Keep each entry exactly as written when you repeat it, and skip the images.

*** DATA RECORDS ***

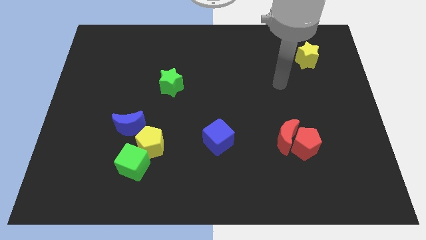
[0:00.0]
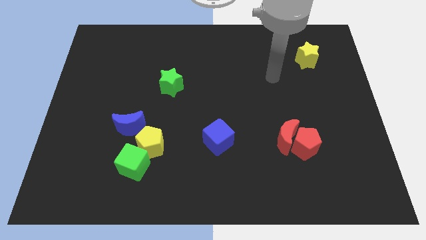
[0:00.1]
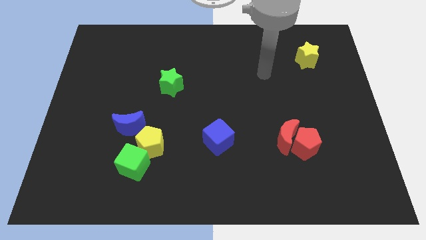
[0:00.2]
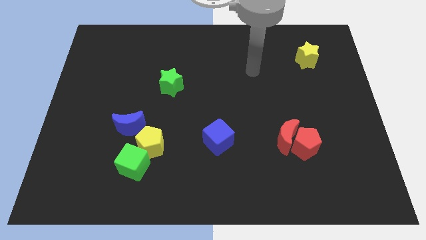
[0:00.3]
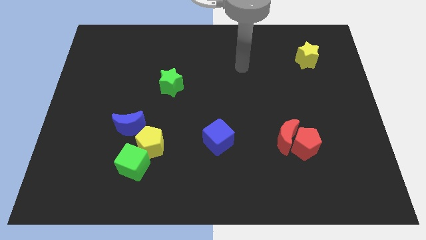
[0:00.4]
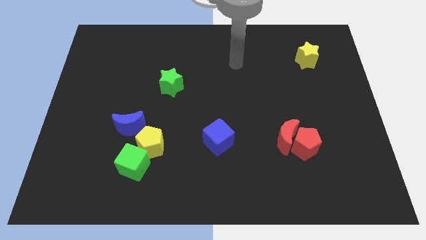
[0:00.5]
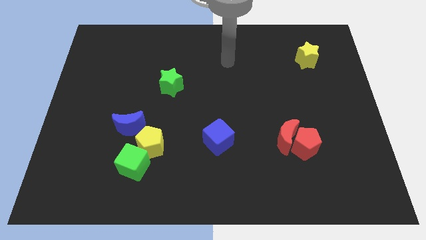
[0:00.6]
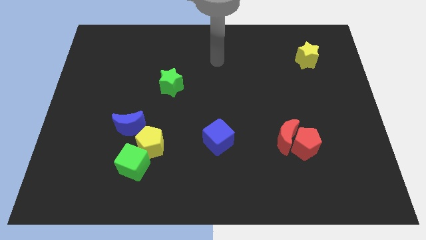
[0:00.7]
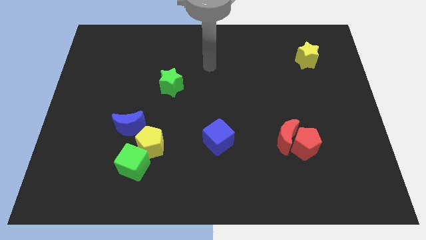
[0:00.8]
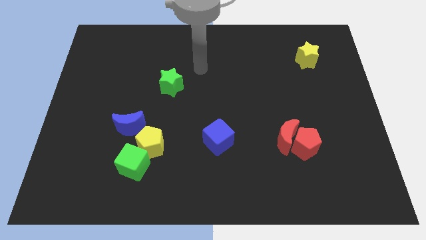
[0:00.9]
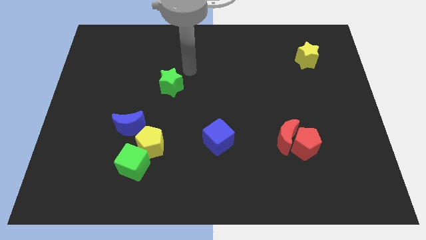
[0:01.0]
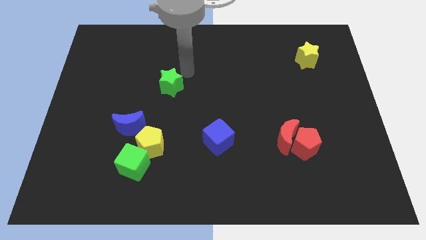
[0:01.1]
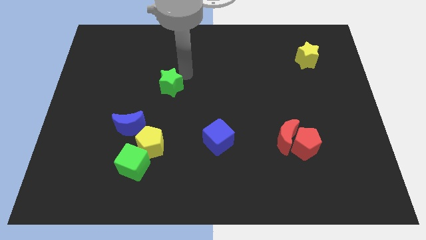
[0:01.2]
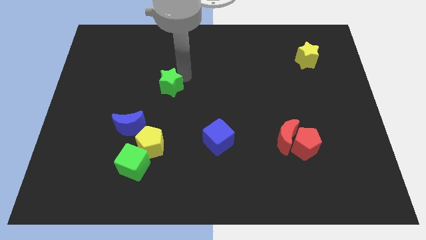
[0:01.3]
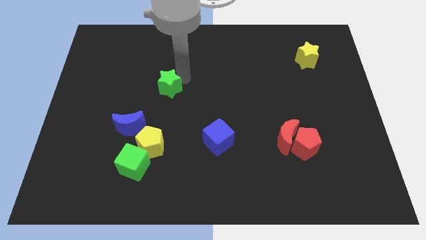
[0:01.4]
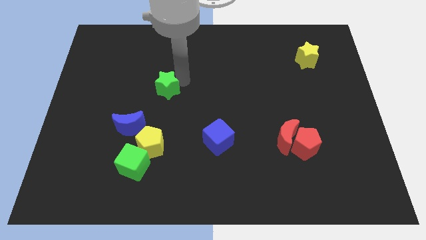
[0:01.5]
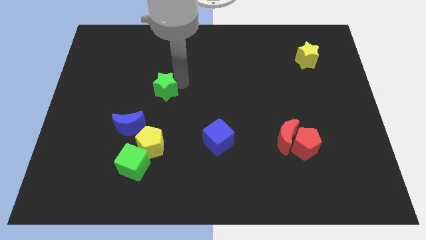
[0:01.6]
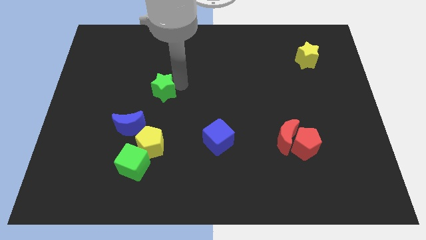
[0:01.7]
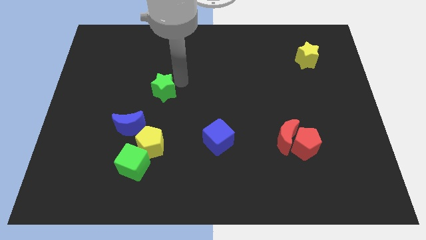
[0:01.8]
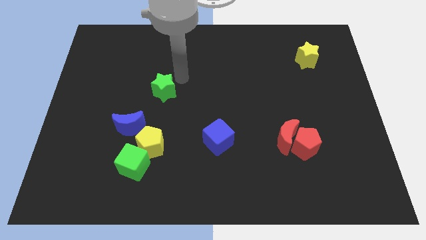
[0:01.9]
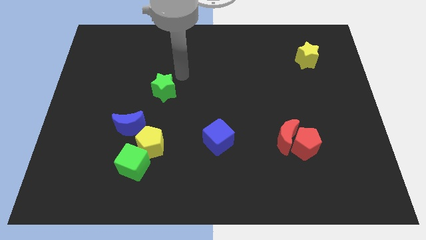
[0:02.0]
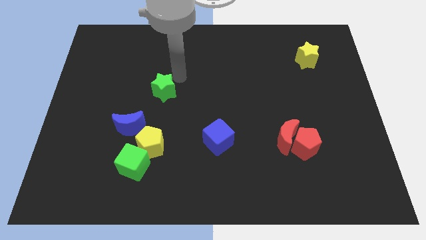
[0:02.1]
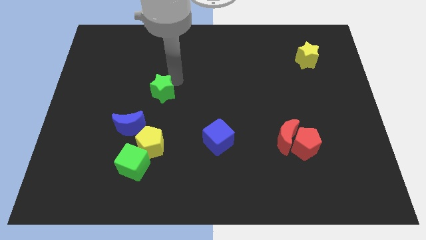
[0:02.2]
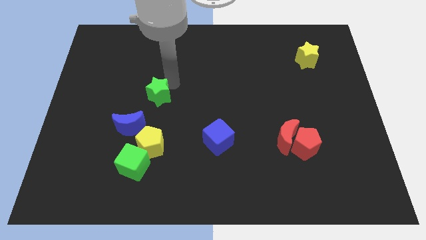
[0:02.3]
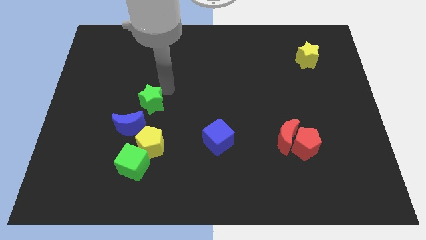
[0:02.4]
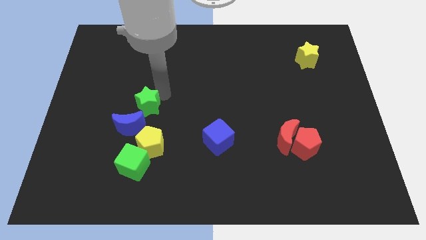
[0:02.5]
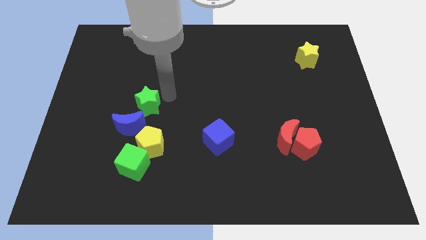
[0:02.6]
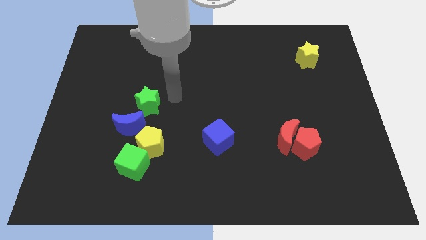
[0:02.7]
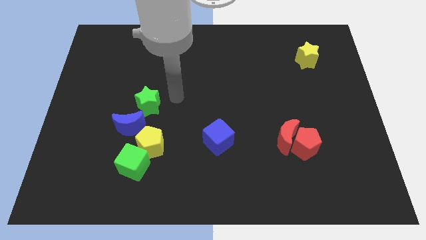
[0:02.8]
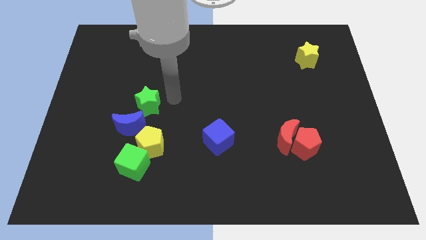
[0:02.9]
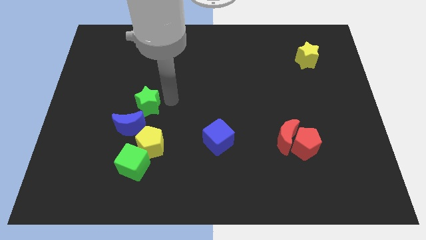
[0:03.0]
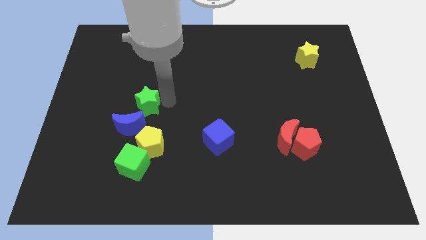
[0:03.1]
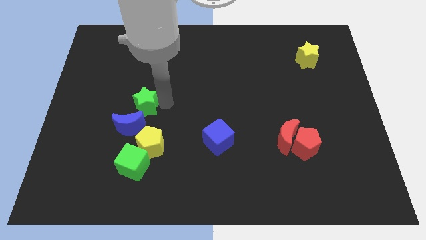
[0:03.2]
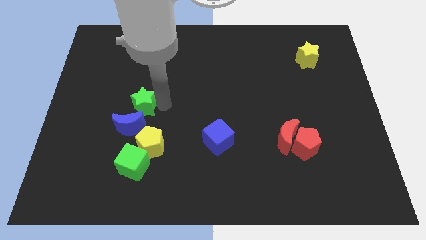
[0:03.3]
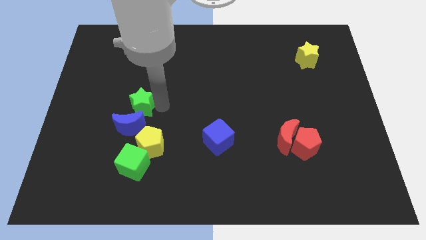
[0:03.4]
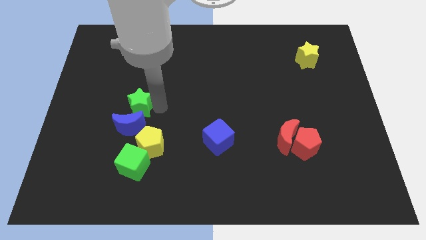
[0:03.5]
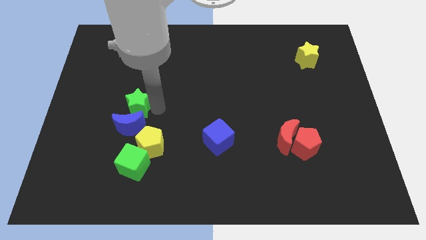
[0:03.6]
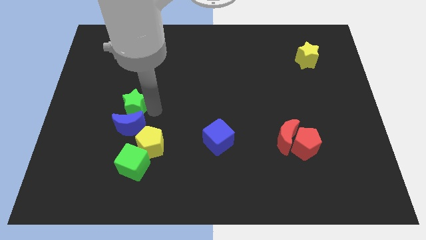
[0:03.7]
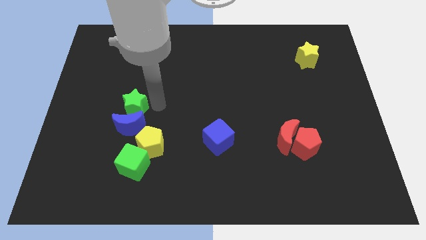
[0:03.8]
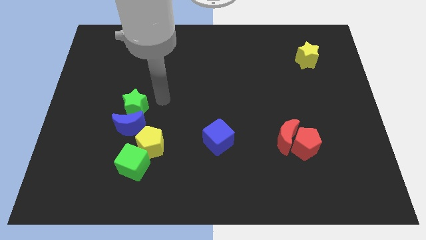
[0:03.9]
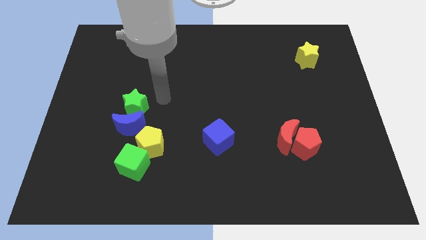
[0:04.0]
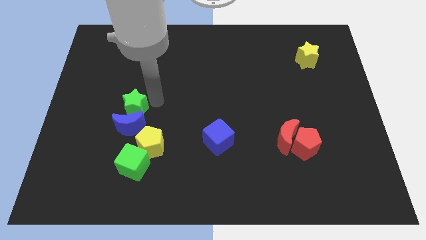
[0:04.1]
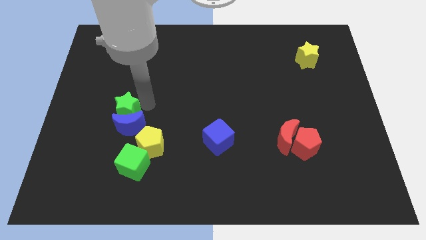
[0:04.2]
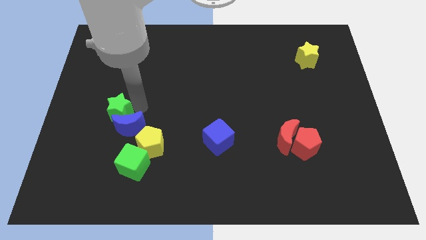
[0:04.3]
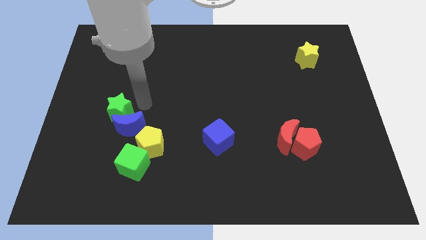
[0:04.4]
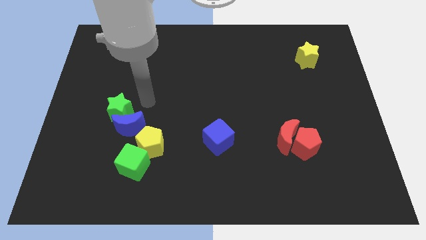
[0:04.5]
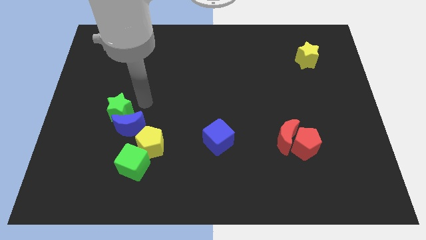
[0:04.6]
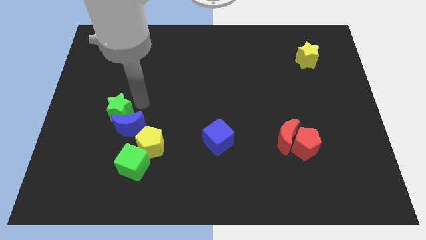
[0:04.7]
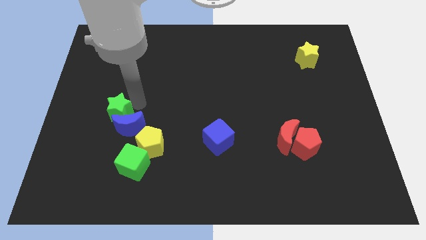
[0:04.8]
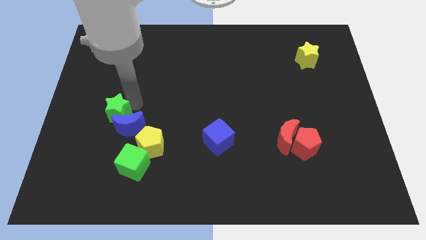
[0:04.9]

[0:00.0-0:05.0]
put the green star to the left of the blue moon

*** End of DATA RECORDS ***

● SOLUTION:
[0:00.0]
[0:00.1]
[0:00.2]
[0:00.3]
[0:00.4]
[0:00.5]
[0:00.6]
[0:00.7]
[0:00.8]
[0:00.9]
[0:01.0]
[0:01.1]
[0:01.2]
[0:01.3]
[0:01.4]
[0:01.5]
[0:01.6]
[0:01.7]
[0:01.8]
[0:01.9]
[0:02.0]
[0:02.1]
[0:02.2]
[0:02.3]
[0:02.4]
[0:02.5]
[0:02.6]
[0:02.7]
[0:02.8]
[0:02.9]
[0:03.0]
[0:03.1]
[0:03.2]
[0:03.3]
[0:03.4]
[0:03.5]
[0:03.6]
[0:03.7]
[0:03.8]
[0:03.9]
[0:04.0]
[0:04.1]
[0:04.2]
[0:04.3]
[0:04.4]
[0:04.5]
[0:04.6]
[0:04.7]
[0:04.8]
[0:04.9]

[0:00.0-0:05.0]
put the green star to the left of the blue moon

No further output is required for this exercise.